Just out of curiousity, about how many patches are we talking here? My laptop has 1GB RAM and I could probably do this sort of testing while I'm at work, but I wouldn't be able to start until tomorrow. If nobody else steps up, then I can help out by volunteering my machine.
I have tommorrow off from work and can also test on my machine.
Thanks people. There are 20 patches. They are listed here: http://dev.gentoo.org/~dsd/genpatches/patches-2.6.13-1.htm Some are very unlikely to be related to this bug (e.g. 1300, 4101) so feel free to use your own intuition to give some patches less attention. Note that the original report is from a genkernel user (so pretty much all of the feature patches will be compiled into the kernel) but I've had reports from manual compiles too. To be thorough, its probably a good idea to compile the extra features (squashfs, vesafb-tng, fbsplash) into your test kernels (until you revert those patches!). Also, the original report says it is very easy to reproduce (i.e. he can't even _boot_ cleanly) whereas others have reported it being far more scarce, i.e. it doesn't appear until halfway through a glibc compile. I'm wondering if one easy way to reproduce this problem might be to run memtest86 while under Linux (under a suspected kernel). Just an idea.
One more thing, once you get into the revert-retest-revert-retest routine its very likely that the problem will go away early on. All of the big intrusive feature patches have high numbers (>=3000) so will end up being reverted first.
Here is what I have so far: * emerged genkernel * Ran genkernel --menuconfig --bootsplash all * Changed the High Memory option to 64G and saved. * Rebooted and ran into errors * genkernel --menuconfig --bootsplash all and changed option back to 4G * rebooted successfully * Ran patch -p1 -R -i 4905_alpha-sysctl-uac.patch * genkernel --menuconfig --bootsplash all and changed option back to 64G * Rebooted unsuccessfully * patch -p1 -R -i 4900_speakup-20050825.patch * genkernel --menuconfig --bootsplash all * Changed Framebuffer from vesafb-tng to vesafb (due to having invalid vga line and not wanting to lookup the new syntax to pass to kernel) * rebooted successfully * genkernel --menuconfig --bootsplash all * Changed back to vesafb-tng * rebooted unsuccessfully So in my case, it actually looks like something in the interaction between vesafb-tng and the 64G High Mem option. I'm going to try on a vanilla kernel to double check, before I continue removing patches from gentoo-sources-2.6.13. Unfortunately, it takes about an hour to rebuild each kernel with genkernel so the testing is time intensive.
I just realized the vesafb-tng is not in the vanilla kernel, so the suspect patch is 4505_vesafb-tng-0.9-rc7-r1.patch. I am removing that patch and recompiling to test.
For my system it is the 4505_vesafb-tng-0.9-rc7-r1.patch that causes the problems. Removing the patch or as stated above changing from vesafb-tng to vesafb resolves the problems.

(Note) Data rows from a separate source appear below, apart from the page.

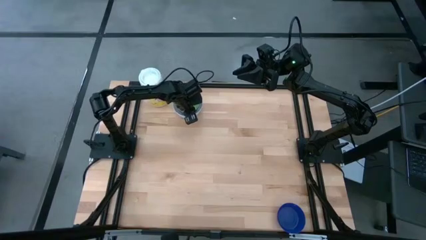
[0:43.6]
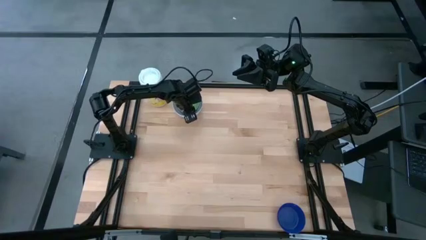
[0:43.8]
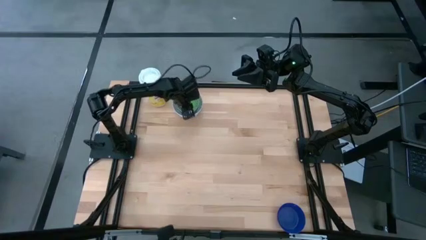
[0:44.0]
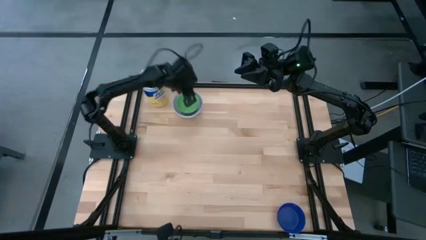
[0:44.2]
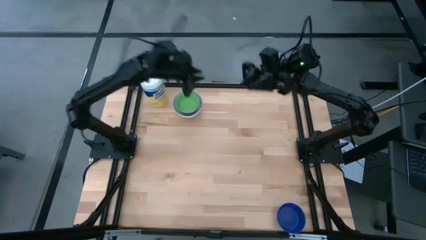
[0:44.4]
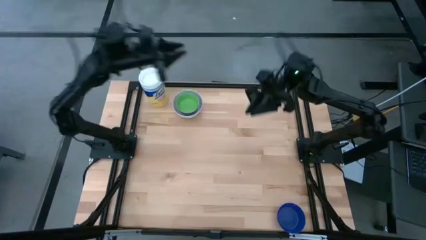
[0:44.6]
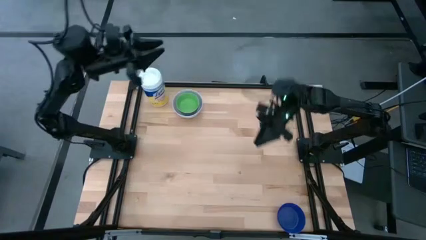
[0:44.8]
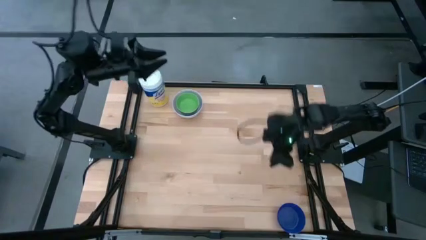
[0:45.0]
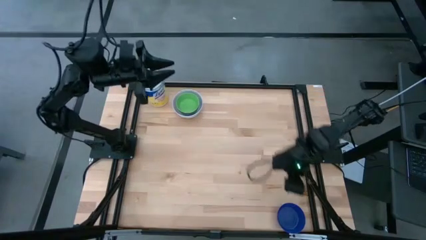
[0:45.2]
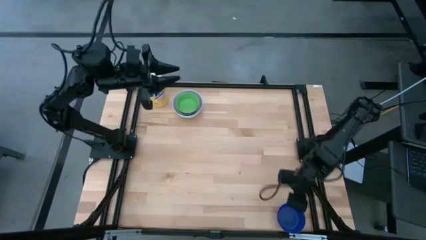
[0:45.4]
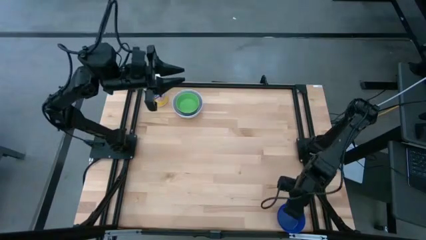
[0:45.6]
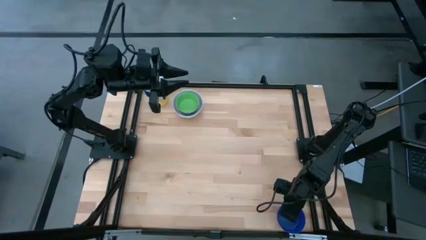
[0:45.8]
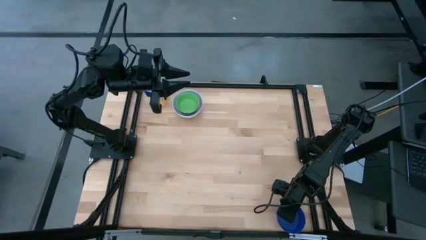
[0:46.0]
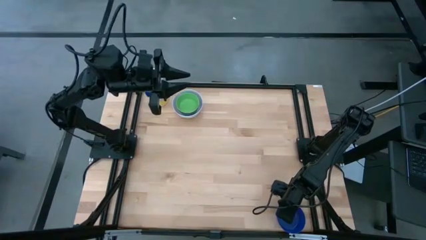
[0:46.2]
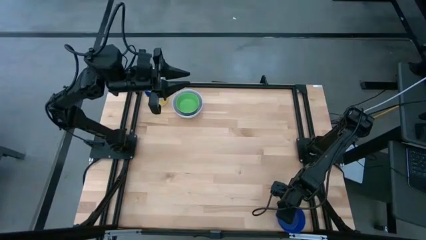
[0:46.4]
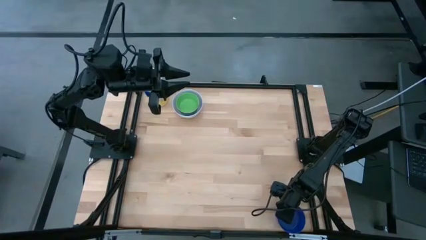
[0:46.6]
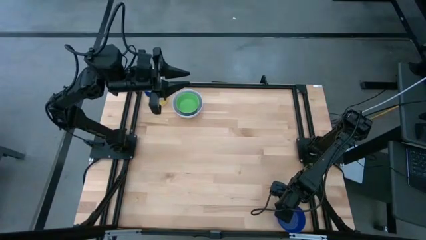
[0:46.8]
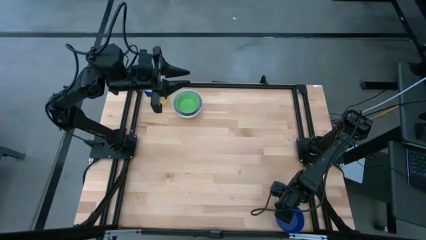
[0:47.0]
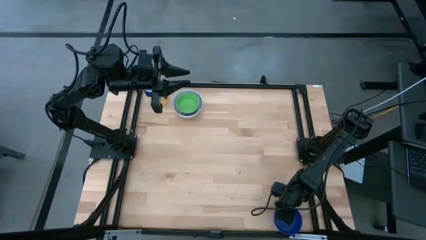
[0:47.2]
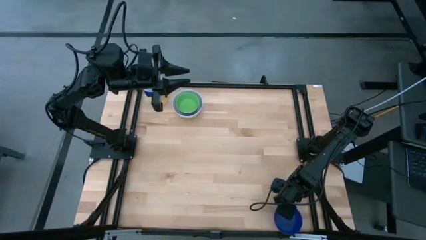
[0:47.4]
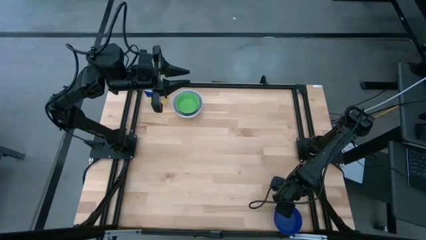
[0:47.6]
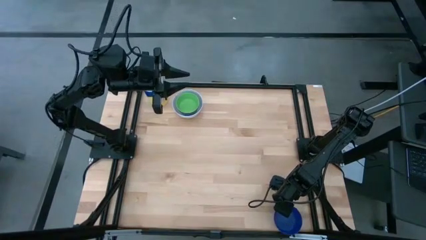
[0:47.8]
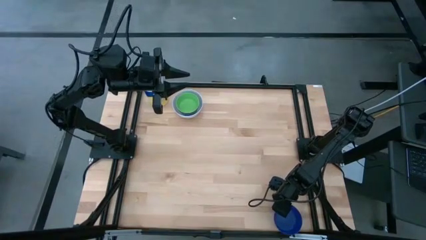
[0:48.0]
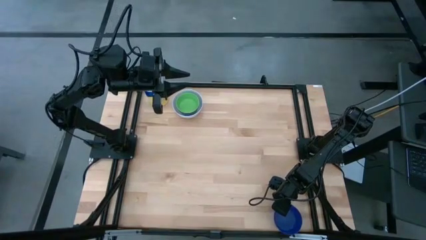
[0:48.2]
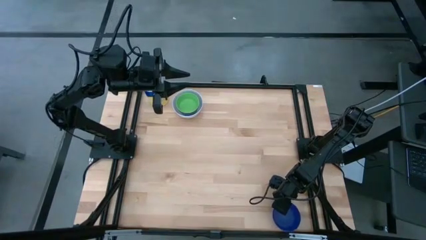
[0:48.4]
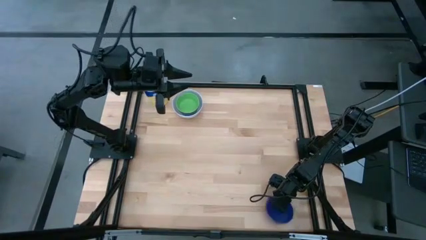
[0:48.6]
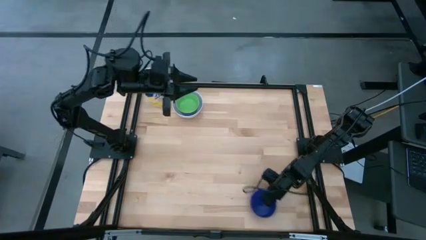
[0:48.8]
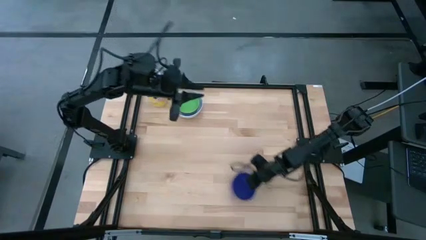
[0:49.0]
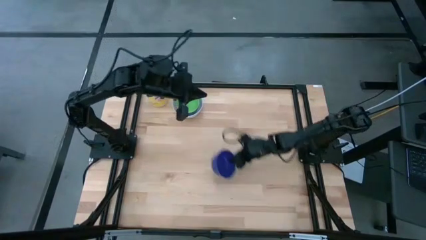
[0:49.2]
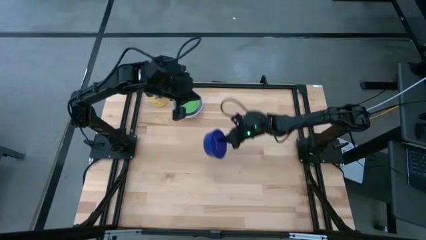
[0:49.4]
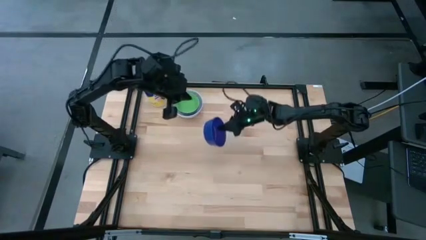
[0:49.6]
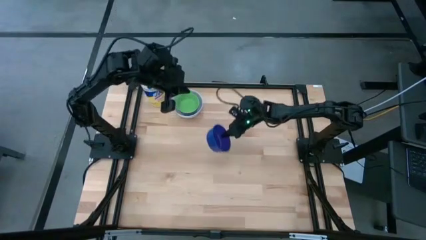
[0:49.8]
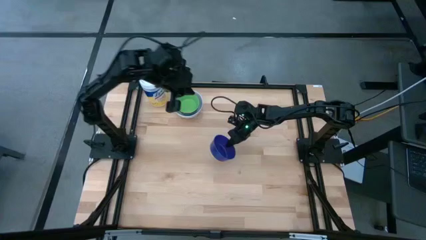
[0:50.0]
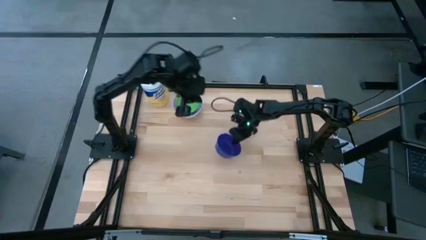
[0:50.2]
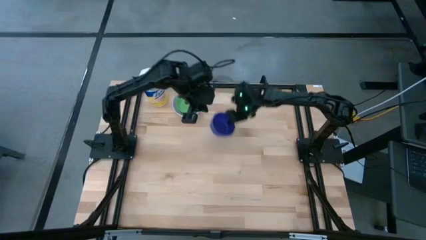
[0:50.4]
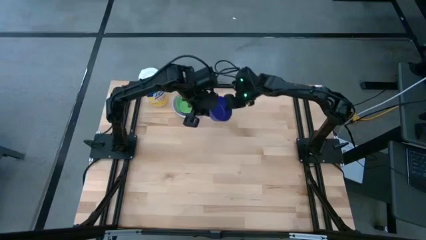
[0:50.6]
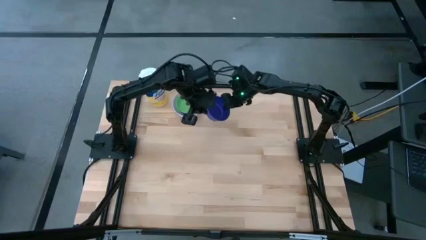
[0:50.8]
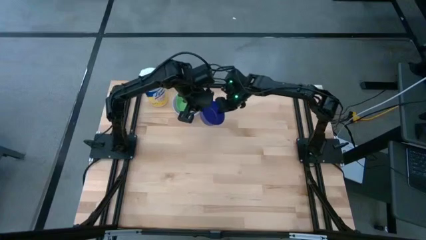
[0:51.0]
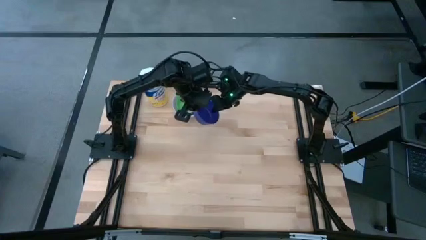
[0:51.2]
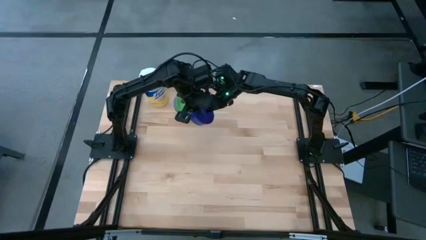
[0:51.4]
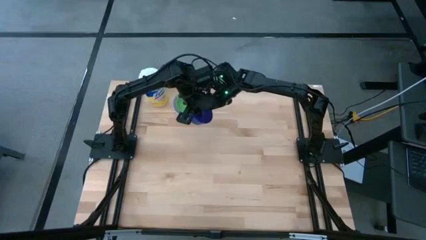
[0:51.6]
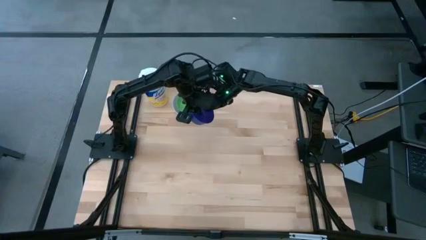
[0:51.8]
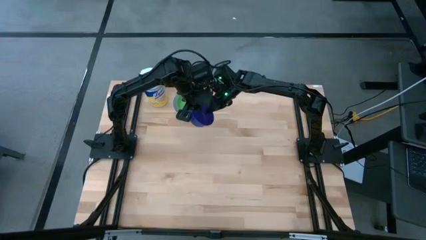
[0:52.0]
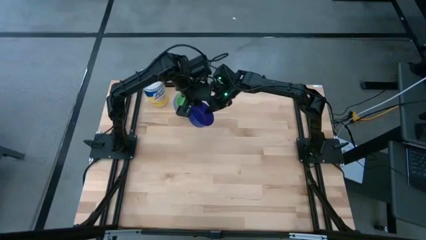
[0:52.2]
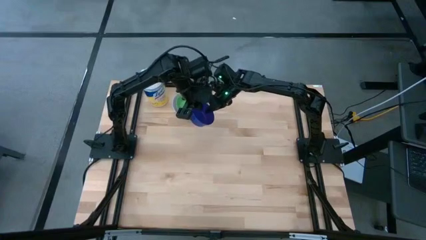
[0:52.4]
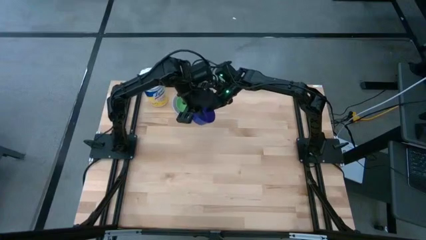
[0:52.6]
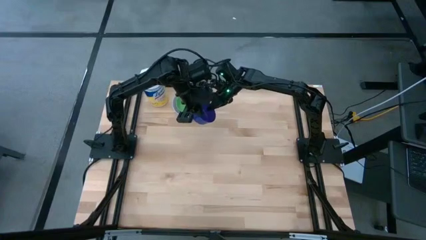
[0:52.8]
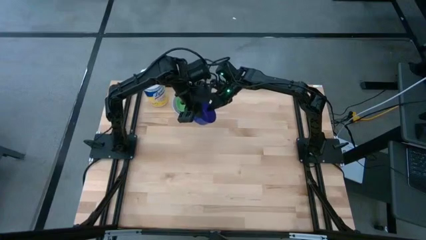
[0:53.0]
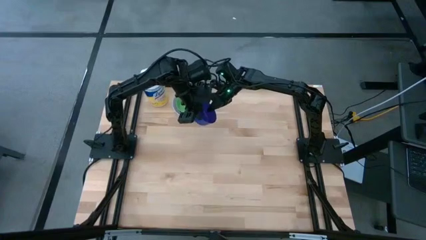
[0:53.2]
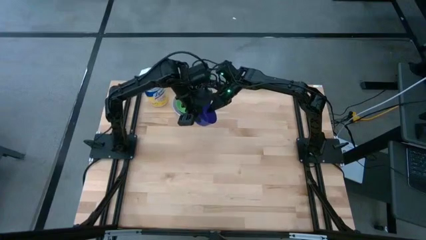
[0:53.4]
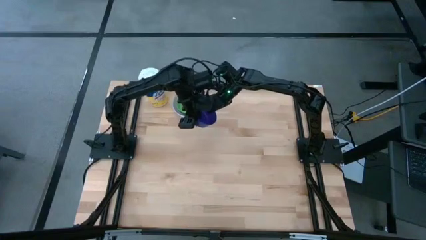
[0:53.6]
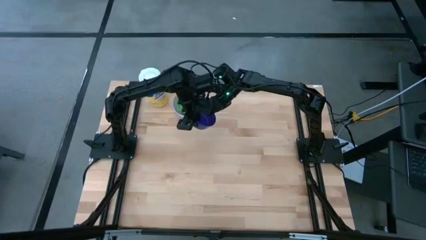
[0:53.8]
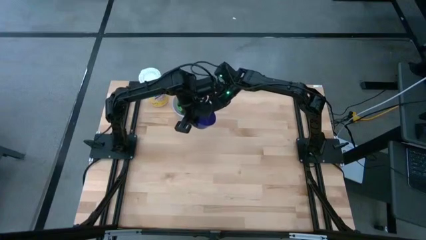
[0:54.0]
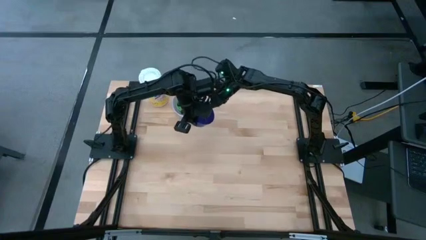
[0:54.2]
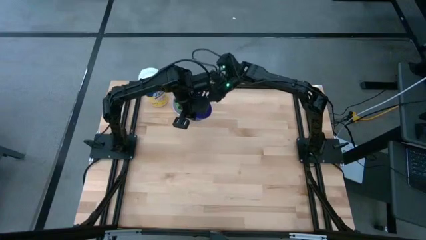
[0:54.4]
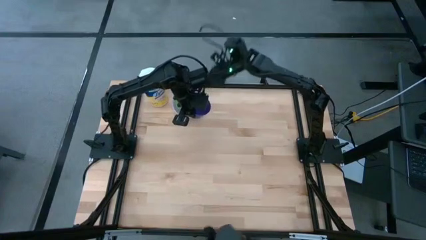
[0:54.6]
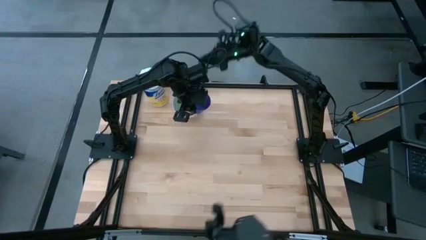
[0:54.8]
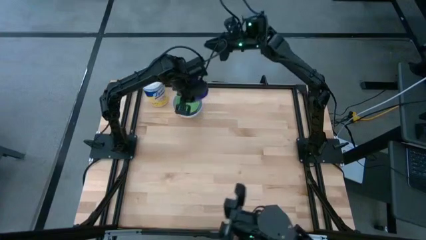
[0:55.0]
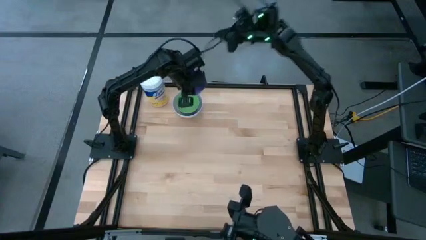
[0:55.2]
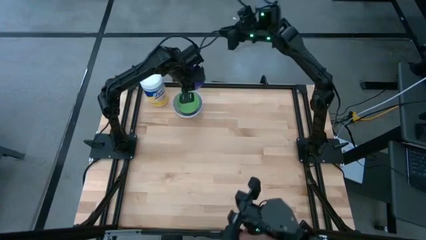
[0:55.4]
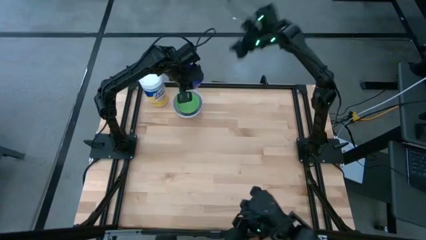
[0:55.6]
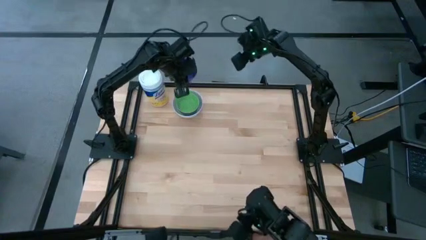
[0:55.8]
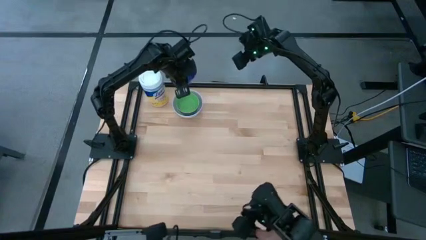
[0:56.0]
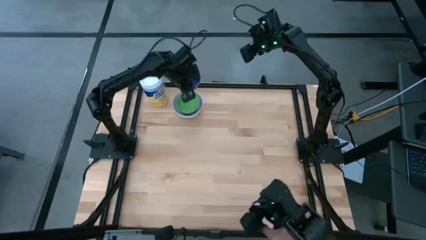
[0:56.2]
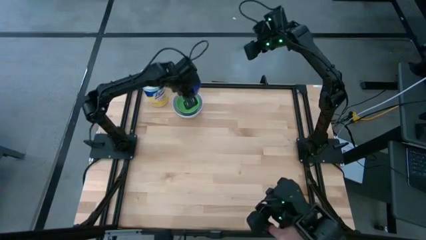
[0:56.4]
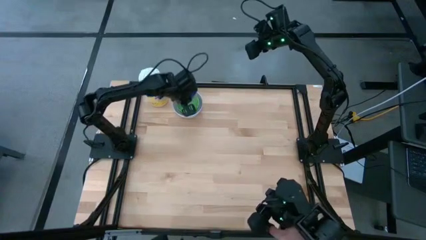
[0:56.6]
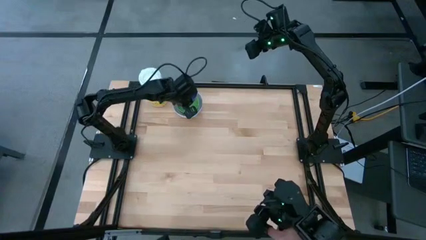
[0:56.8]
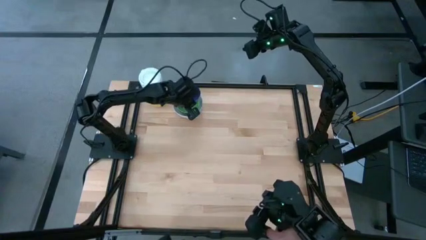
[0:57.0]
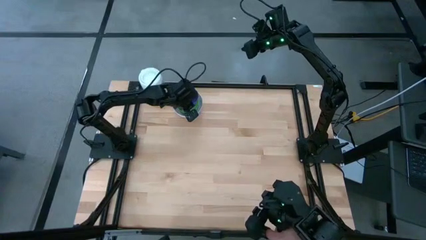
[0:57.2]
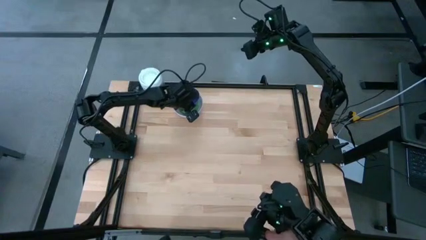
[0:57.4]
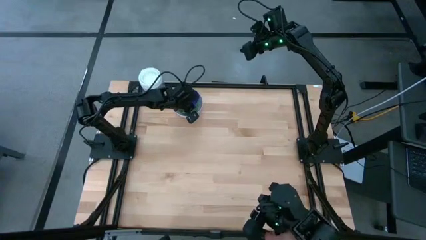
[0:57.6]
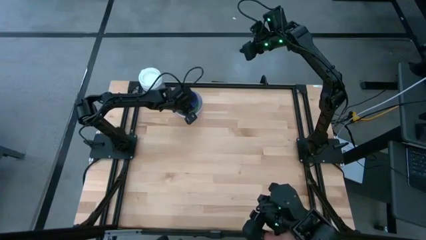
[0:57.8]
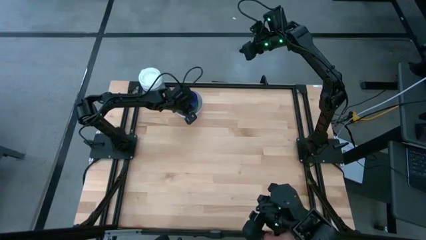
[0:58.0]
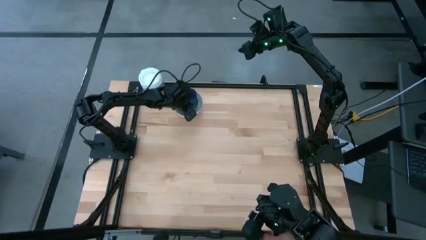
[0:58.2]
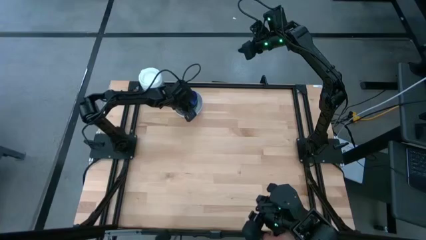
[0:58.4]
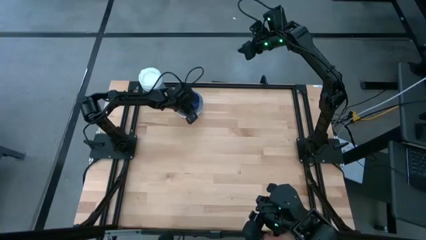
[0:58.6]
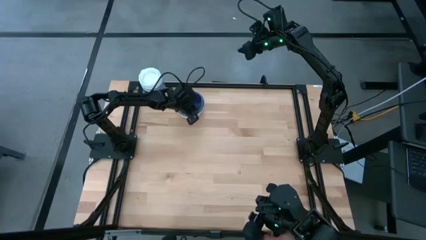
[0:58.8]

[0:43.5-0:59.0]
Stack the dark blue bowl on top of the green bowl

Thanks Paul. Could you perhaps test applying the vesafb-tng patch against vanilla, so that you effectively have clean 2.6.13 + vesafbtng + highmem64, and see if it is reproducible on a setup like that? I ask this as tomaw also reproduced this bug and does not use vesafb-tng, but hasn't been successful in tracking down which Gentoo patch is the cause just yet. We may be dealing with multiple problems, or a problem which only appears with a certain patch combination, or something ugly like that. I now have access to a pc with 1.5gb RAM but I haven't been able to reproduce the problem yet. I'll keep playing...
I am able to reproduce the problem by applying the vesafb-tng patch against the vanilla kernel. I have also ditched genkernel and have gone back to my much slimmer monolithic kernel config and it exhibits the problem as well.
Michal is working on this
Just to keep everyone up-to-date: I was able to reproduce the problem on my machine and have already fixed it. I'm currently polishing the new code a little bit and will hopefully soon release a fixed version of the patch.
I took a little longer than I expected, but here it is: http://dev.gentoo.org/~spock/projects/vesafb-tng/testing/vesafb-tng-testing-2005091603.patch Please test with vanilla 2.6.13* or 2.6.14-rc1.
I am not seeing any issues with 2.6.14-rc1
New patch available at: http://dev.gentoo.org/~spock/projects/vesafb-tng/testing/vesafb-tng-testing-2005092001.patch (in case someone wants to do more testing, please use this one)
Fixed in gentoo-sources-2.6.14